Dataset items
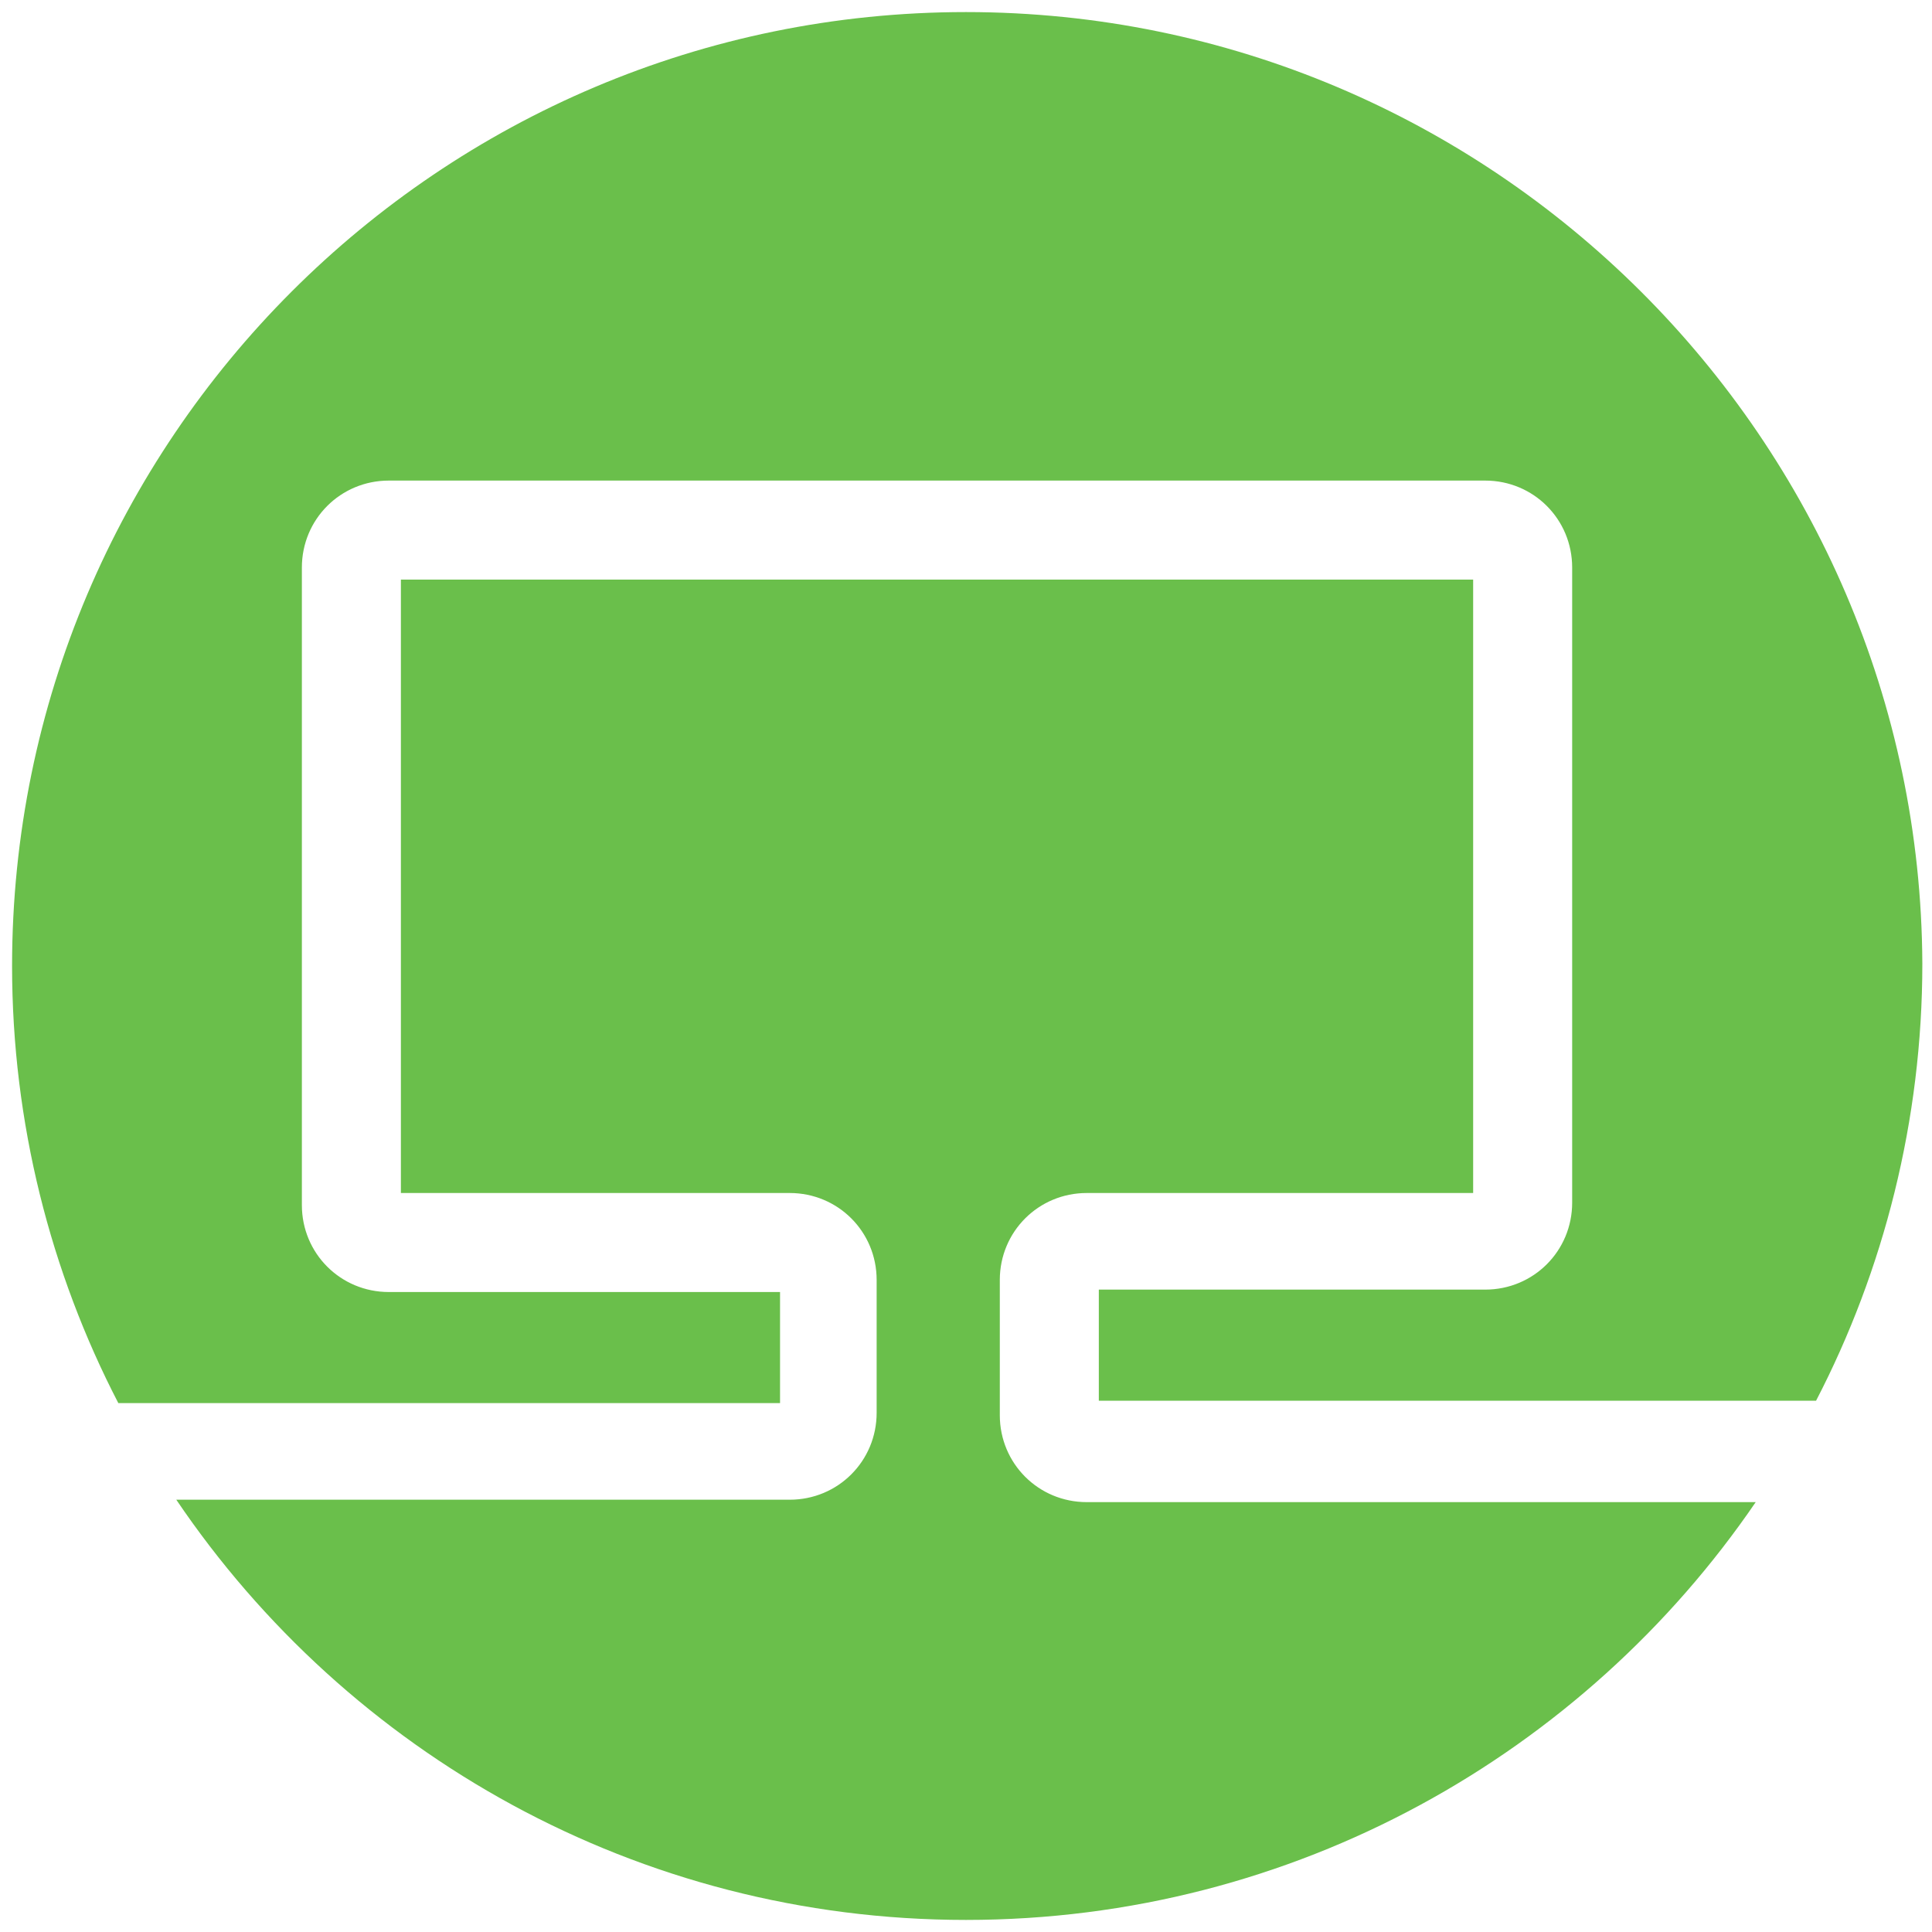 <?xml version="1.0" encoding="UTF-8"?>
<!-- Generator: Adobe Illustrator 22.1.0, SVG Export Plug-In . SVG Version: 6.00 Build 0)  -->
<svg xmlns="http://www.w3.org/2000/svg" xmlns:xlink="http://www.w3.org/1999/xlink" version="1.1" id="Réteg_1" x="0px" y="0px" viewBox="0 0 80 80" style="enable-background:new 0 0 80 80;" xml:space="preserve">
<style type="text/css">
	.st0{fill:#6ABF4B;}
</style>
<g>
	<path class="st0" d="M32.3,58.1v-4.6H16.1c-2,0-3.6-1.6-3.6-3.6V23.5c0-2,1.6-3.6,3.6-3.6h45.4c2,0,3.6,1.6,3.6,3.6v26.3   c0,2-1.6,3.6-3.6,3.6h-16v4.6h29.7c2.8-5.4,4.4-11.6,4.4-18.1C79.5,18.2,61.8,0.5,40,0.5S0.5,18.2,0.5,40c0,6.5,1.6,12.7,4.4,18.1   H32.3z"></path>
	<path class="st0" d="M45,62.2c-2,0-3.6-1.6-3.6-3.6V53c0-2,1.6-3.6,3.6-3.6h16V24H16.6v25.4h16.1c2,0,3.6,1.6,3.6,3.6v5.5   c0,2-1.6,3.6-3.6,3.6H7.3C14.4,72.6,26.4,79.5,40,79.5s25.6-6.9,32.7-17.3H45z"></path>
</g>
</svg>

---

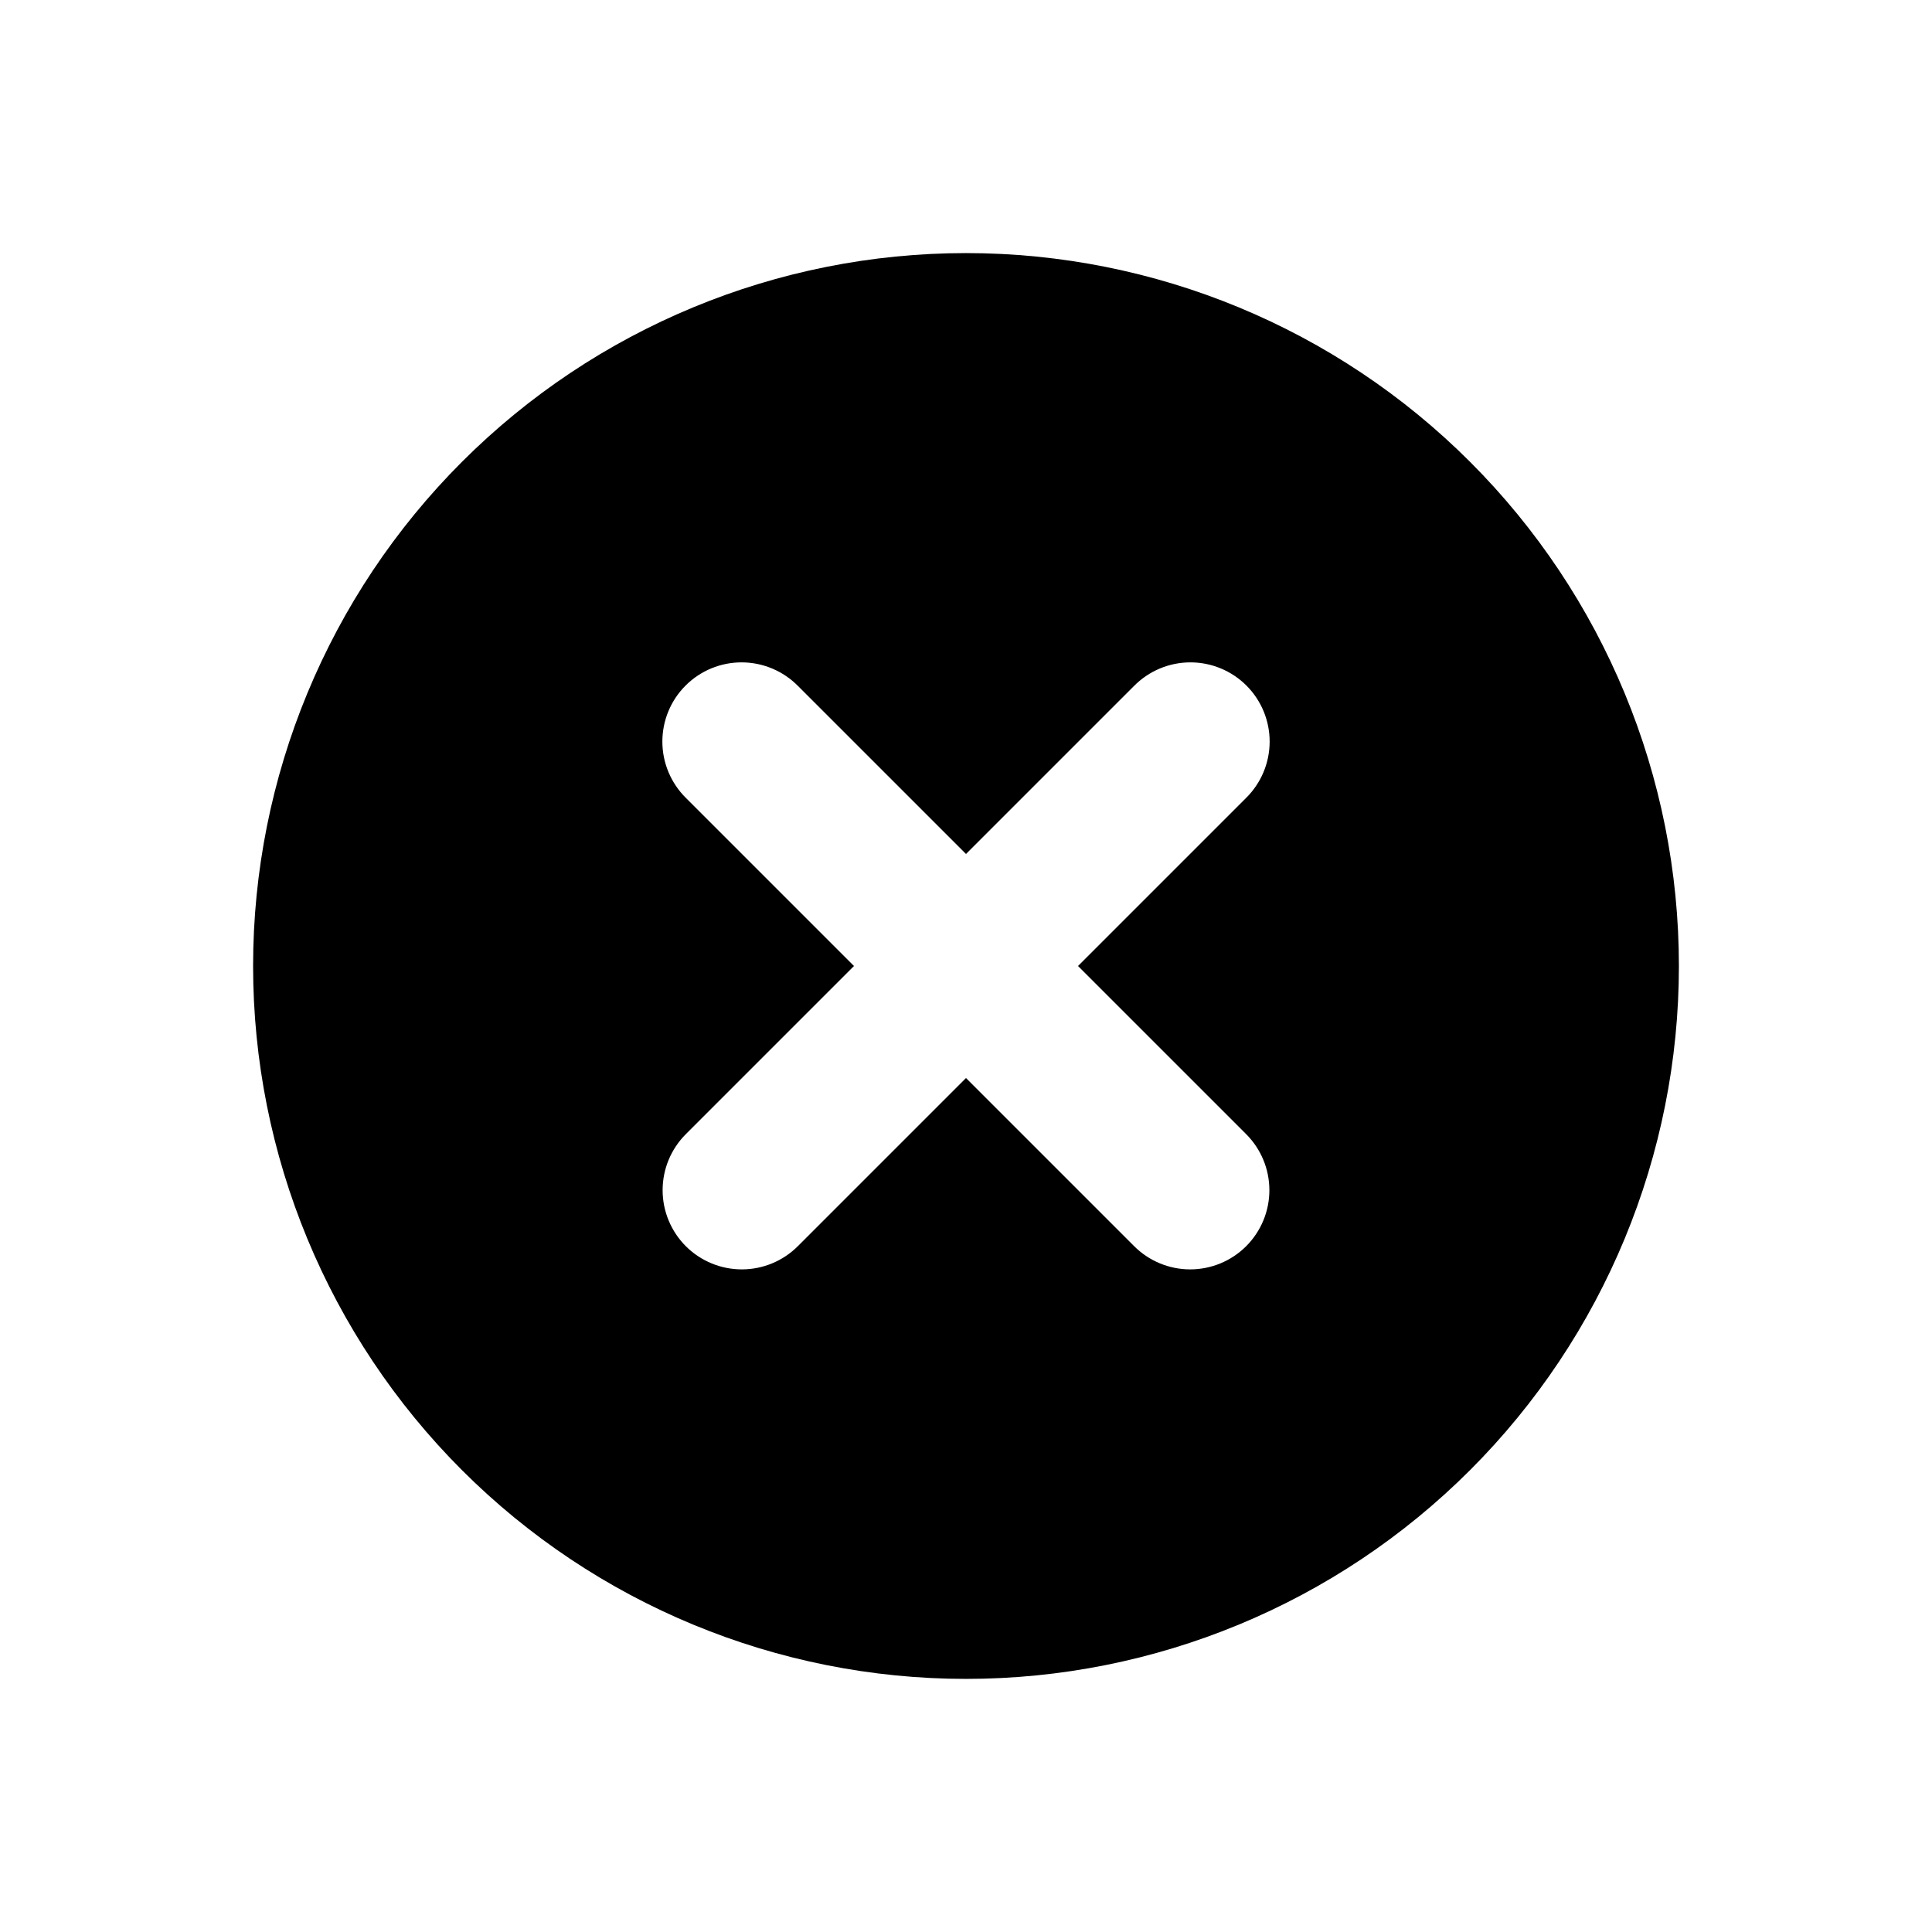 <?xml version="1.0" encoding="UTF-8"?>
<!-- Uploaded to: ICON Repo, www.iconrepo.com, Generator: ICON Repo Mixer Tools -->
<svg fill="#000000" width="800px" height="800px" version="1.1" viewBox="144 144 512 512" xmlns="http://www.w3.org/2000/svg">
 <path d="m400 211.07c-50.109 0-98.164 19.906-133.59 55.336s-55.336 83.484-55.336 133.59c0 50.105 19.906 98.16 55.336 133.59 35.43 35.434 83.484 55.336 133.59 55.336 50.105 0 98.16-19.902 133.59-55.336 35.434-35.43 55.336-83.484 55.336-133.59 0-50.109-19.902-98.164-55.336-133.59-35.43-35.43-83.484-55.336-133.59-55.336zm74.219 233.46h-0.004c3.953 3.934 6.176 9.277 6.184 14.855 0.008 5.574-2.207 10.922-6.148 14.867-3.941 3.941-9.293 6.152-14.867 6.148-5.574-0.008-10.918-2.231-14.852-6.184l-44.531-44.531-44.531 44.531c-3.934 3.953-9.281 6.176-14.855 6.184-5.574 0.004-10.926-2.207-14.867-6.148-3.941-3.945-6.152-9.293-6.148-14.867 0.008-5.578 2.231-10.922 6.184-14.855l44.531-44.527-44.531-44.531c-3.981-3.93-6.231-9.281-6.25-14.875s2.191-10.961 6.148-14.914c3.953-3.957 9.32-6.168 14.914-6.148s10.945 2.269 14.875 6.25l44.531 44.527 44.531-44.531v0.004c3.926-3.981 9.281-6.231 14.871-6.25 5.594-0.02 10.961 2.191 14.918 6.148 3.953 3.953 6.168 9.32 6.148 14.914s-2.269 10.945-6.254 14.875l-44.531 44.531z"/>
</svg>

### EXERCISE BRIEF
With the string "class" as the key, filter the data above and show the lines that match.

### RESPONSE BELOW
	<path class="st0" d="M32.3,58.1v-4.6H16.1c-2,0-3.6-1.6-3.6-3.6V23.5c0-2,1.6-3.6,3.6-3.6h45.4c2,0,3.6,1.6,3.6,3.6v26.3   c0,2-1.6,3.6-3.6,3.6h-16v4.6h29.7c2.8-5.4,4.4-11.6,4.4-18.1C79.5,18.2,61.8,0.5,40,0.5S0.5,18.2,0.5,40c0,6.5,1.6,12.7,4.4,18.1   H32.3z"></path>
	<path class="st0" d="M45,62.2c-2,0-3.6-1.6-3.6-3.6V53c0-2,1.6-3.6,3.6-3.6h16V24H16.6v25.4h16.1c2,0,3.6,1.6,3.6,3.6v5.5   c0,2-1.6,3.6-3.6,3.6H7.3C14.4,72.6,26.4,79.5,40,79.5s25.6-6.9,32.7-17.3H45z"></path>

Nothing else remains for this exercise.